NLRB Rules Employers Must Bargain Over Placement and Use of Hidden Surveillance Cameras


Further extending the concept of mandatory subjects of collective bargaining, the National Labor Relations Board ("NLRB" or "Board") held that an employer must bargain with a union over the installation and use of hidden surveillance cameras placed in an employer's place of business. In Colgate-Palmolive Company, 323 NLRB 515 (1997), the Board held that the installation and use of such hidden cameras is sufficiently "germane to the work environment and outside the scope of managerial decisions lying at the core of entrepreneurial control" as to require an employer to bargain over them.

Hidden Surveillance

Colgate-Palmolive and the union had negotiated various contracts over a twenty year collective bargaining relationship. Colgate had used surveillance cameras since 1981; some were in plain view, while others were hidden. According to the employer, the union had never requested to bargain over the placement or continued use of the cameras. Between 1990 and mid-1994, the company installed 11 new surveillance cameras, most in response to suspected employee theft and other misconduct.

In July 1994, an employee discovered a hidden camera in an air vent located in the men's restroom. Although the company promptly removed the camera, the union filed a grievance regarding the placement of surveillance cameras in the facility. The company responded that while some cameras had been placed in plain view, others had been "strategically placed in other areas in response to reasonably suspected misconduct."

The union thereafter demanded to bargain over the placement and continued use of the hidden surveillance cameras. The company refused and the union filed an unfair labor practice charge with the NLRB.

Violation of National Labor Relations Act

In finding the company's refusal to bargain over the cameras to be a violation of Section 8(a)(5) of the National Labor Relations Act, the Board's administrative law judge paid particular attention to the length of the parties' collective bargaining relationship, holding that the installation and use of hidden surveillance cameras under such circumstances was a mandatory subject of collective bargaining to which the employer could not lawfully refuse to bargain. The Board, however, stated that the length of the relationship ultimately did not matter, in that "[e]ven if the union were newly elected to represent [the company's] employees, it would have the same bargaining rights" regarding the cameras.

Cameras Germane to Working Environment

Applying the tests from the Supreme Court's long-standing decisions in Ford Motor Co. v. NLRB and Fibreboard Paper Products Corp. v. NLRB, the Board held that the placement and use of hidden surveillance cameras are "plainly germane to the working environment" and not among those subjects which are so at the heart of management's control and discretion as to eliminate the employer's obligation to bargain. In so concluding, the Board likened the use of hidden surveillance cameras to drug and alcohol testing, polygraph testing and physical examinations, all of which the Board considers "Investigatory tools or methods" used to determine whether employees have engaged in misconduct and over which the Board has previously held that employers are obligated to bargain.

The Board additionally cited employees' privacy considerations as additional justification for ordering Colgate-Palmolive to bargain with the union over the cameras.

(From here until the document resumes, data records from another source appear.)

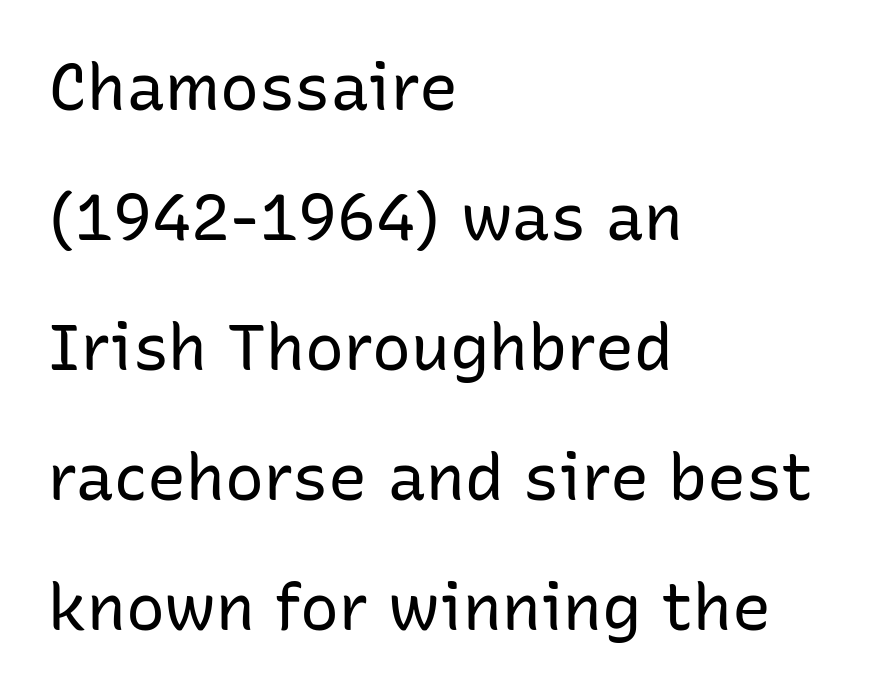
{"serif": "no", "italic": "no", "bold": "no", "weight": "regular", "width": "normal", "stroke_contrast": "low", "x_height": "medium", "monospaced": "no", "underline": "no", "align": "left", "line_spacing": "loose", "line_spacing_ratio": 2.0, "letter_spacing": "normal", "letter_spacing_em": 0.0, "glyph_px": 65}
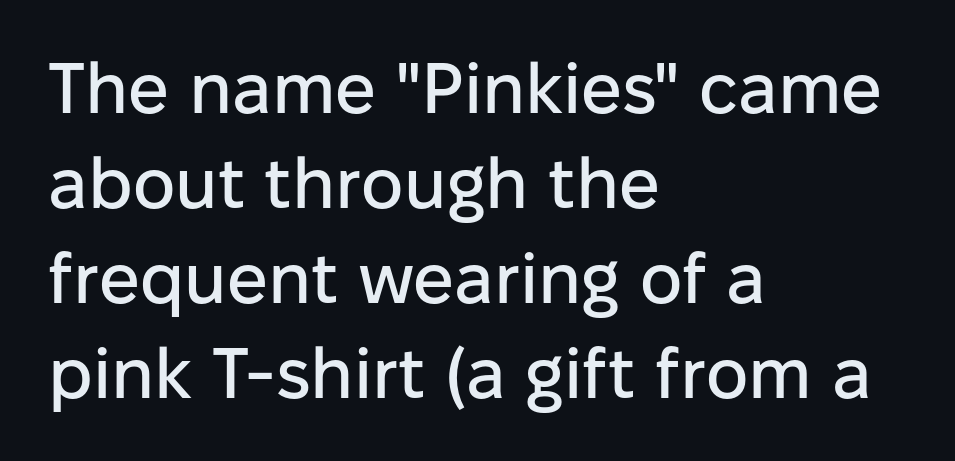
Notice how the stems are strictly vertical — no italics here. Each letter keeps its own natural width here, so spacing adapts to shape. Alignment: flush left. The designer went with a sans here, leaving each stem footless. No extra tracking has been applied to these lines.
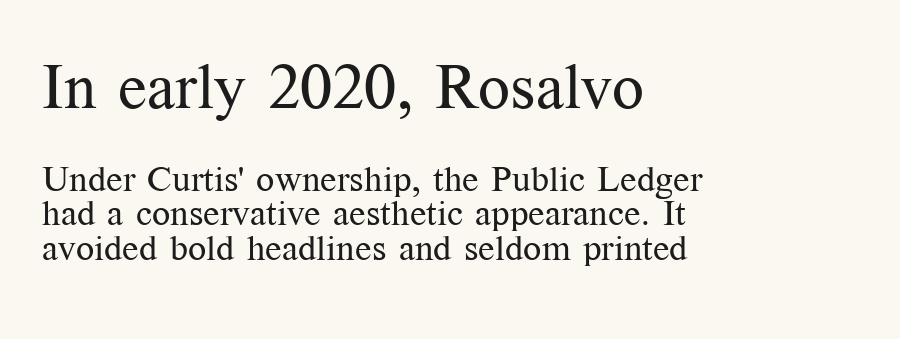
Q: Is the text bold? A: No.
Q: Is the text italic (slanted)? A: No, it is upright.
Q: Is the typeface a serif or a sans-serif typeface? A: Serif.
Q: Is the text underlined? A: No.
Q: How is the paragraph aligned? A: Left-aligned.
Q: Is the spacing between letters normal or unusually wide? A: Normal.
Q: Is the spacing between lines tight, normal or loose? A: Tight.
Q: Which block of text is set in a larger size, the first (top) or the second (bottom)? A: The first (top) one.
Q: Width (condensed, normal, or wide)? A: Normal.
Q: Stroke contrast? A: Medium.
Q: x-height? A: Medium.
Q: Monospaced? A: No.
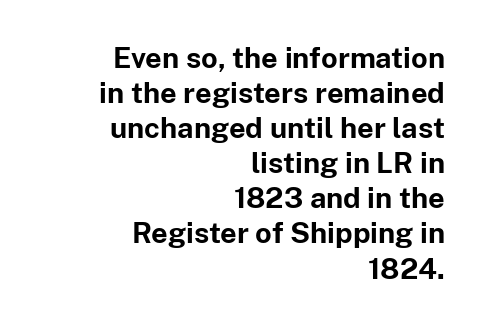
The face used here is proportionally spaced, like ordinary book or web type. Which margin do the lines hug? The right one — the left edge is uneven. Letters rest on an invisible, unmarked baseline. Stroke terminals: plain, sans-serif.
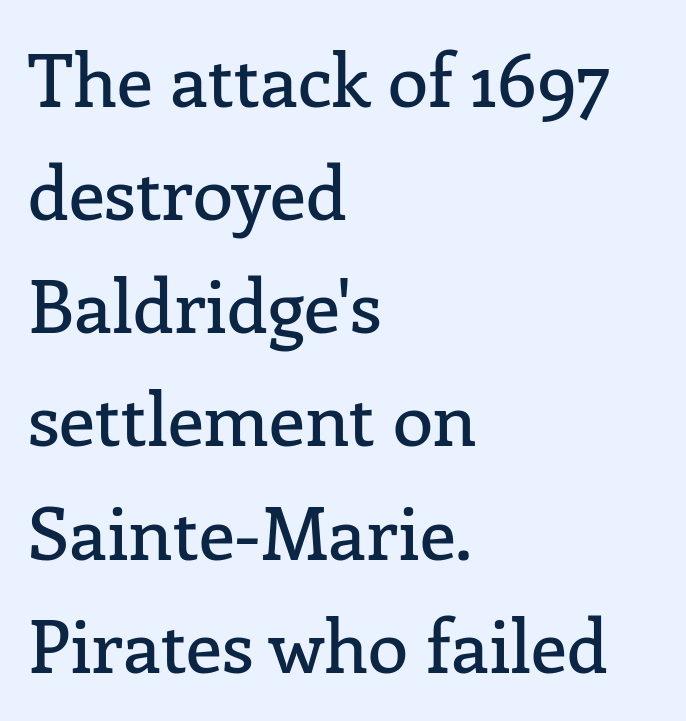
Clear beneath every line of the passage. The tracking reads as untouched default to a designer's eye. Line beginnings align vertically; line endings do not. Does the lettering tilt? It doesn't — this is upright. Do the characters align in a grid? No, the font is proportional. A typesetter would call this leading conventional body-copy spacing.
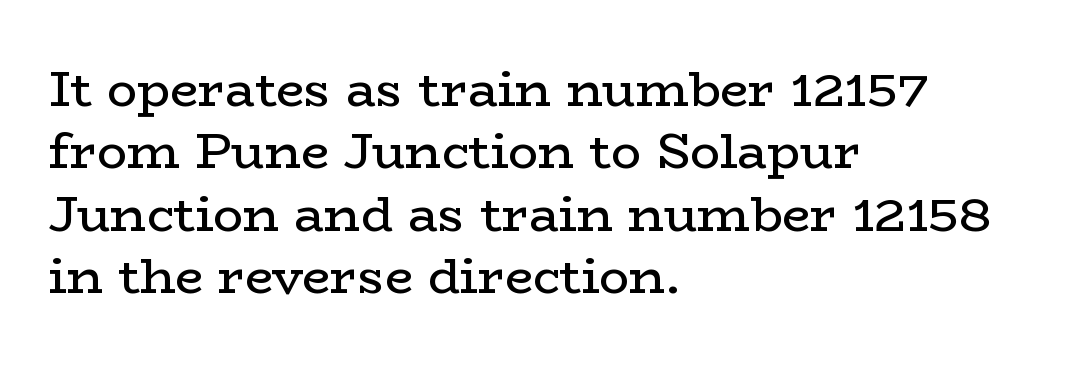
Regular leading. Reading down the block, your eye returns to a fixed left position each line. The passage shown is typed in a proportional face where columns would drift. Descenders are the only things crossing below the line. The font's upright variant was chosen for this text. This sample uses a serif face.
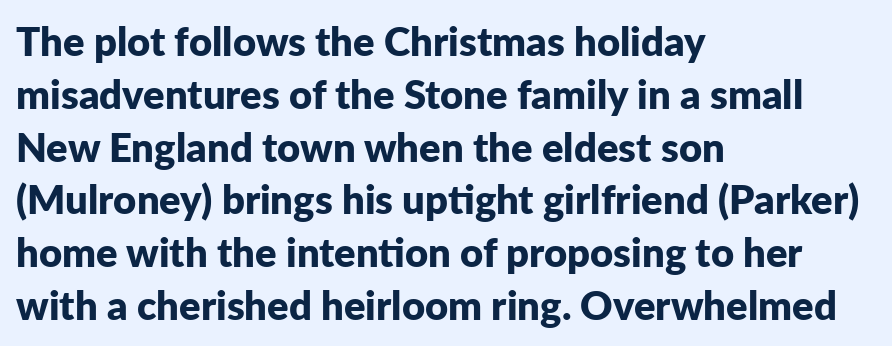
Rendered with straight, roman letterforms. Descender tails drop into unmarked territory. Leading: standard. The rendering shows plain stroke endings on the letterforms — a sans-serif design. Pretty heavy lettering here — definitely bold. Compared with a centered layout, this one pins lines to the left instead.
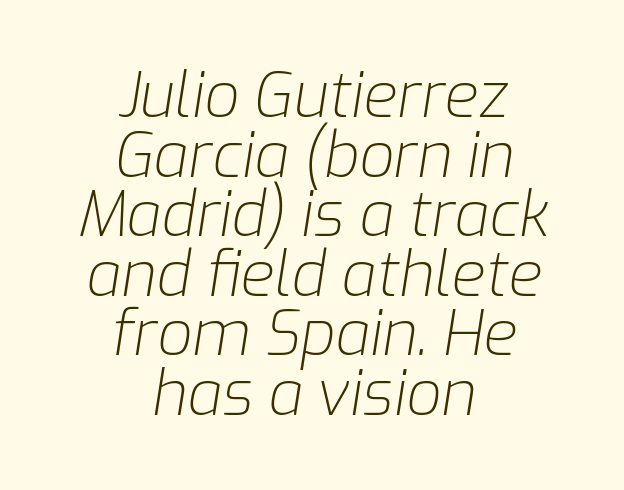
Emphasis-style slanted type is in use. The type is set solid horizontally, with unmodified tracking. Stems here are at most as thick as an everyday book face. Closely set lines give the paragraph a compact silhouette. Notice how the passage keeps no hard edge, just a central spine. The rendering uses natural spacing where letterforms have individual widths.
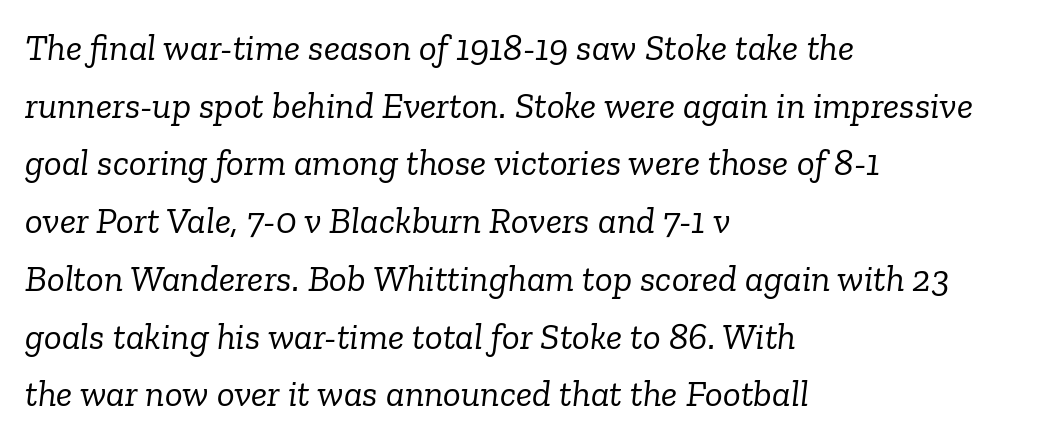
{"serif": "yes", "italic": "yes", "lean": "right", "slant_degrees": 6, "bold": "no", "weight": "light", "width": "normal", "stroke_contrast": "low", "x_height": "medium", "monospaced": "no", "underline": "no", "align": "left", "line_spacing": "normal", "line_spacing_ratio": 1.56, "letter_spacing": "normal", "letter_spacing_em": 0.0, "glyph_px": 37}
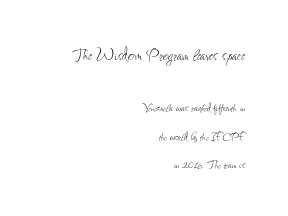
Q: Is the text bold? A: No.
Q: Is the text italic (slanted)? A: Yes.
Q: Is the text underlined? A: No.
Q: How is the paragraph aligned? A: Right-aligned.
Q: Is the spacing between letters normal or unusually wide? A: Normal.
Q: Is the spacing between lines tight, normal or loose? A: Loose.
Q: Which block of text is set in a larger size, the first (top) or the second (bottom)? A: The first (top) one.
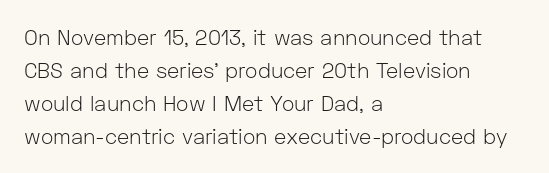
The image shows 21 px text type, upright; set left-aligned, normal line spacing (1.57x), normal letter spacing, not underlined.
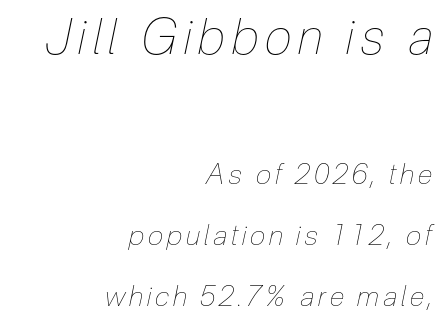
Every character sits at an angle, as italics do. Interline gaps are noticeably wide in this sample. Note the varied advance widths — an 'i' is clearly narrower than an 'm'. Heaviness? Minimal to ordinary, like unemphasized prose.
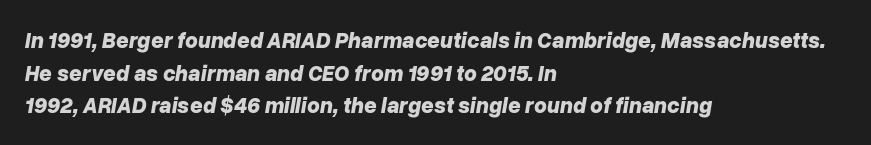
Q: Is the text bold? A: Yes.
Q: Is the text italic (slanted)? A: Yes, it leans right by about 10 degrees.
Q: Is the text underlined? A: No.
Q: How is the paragraph aligned? A: Left-aligned.
Q: Is the spacing between letters normal or unusually wide? A: Normal.
Q: Is the spacing between lines tight, normal or loose? A: Normal.

Required to Bargain with Union Regarding Cameras

The Board was seemingly unconcerned about the company's legitimate interest in monitoring and preventing employee misconduct. The company had suggested to the Board that requiring it to bargain with the union regarding the placement of the hidden cameras would defeat the camera's purpose. The Board, however, stated that "the very existence of secret cameras ... is a term or condition of employment, and is thus a legitimate concern" of the union. The Board took the position that any concerns regarding the extent to which the location or placement of the cameras was maintained as a secret was yet another "proper subject of bargaining."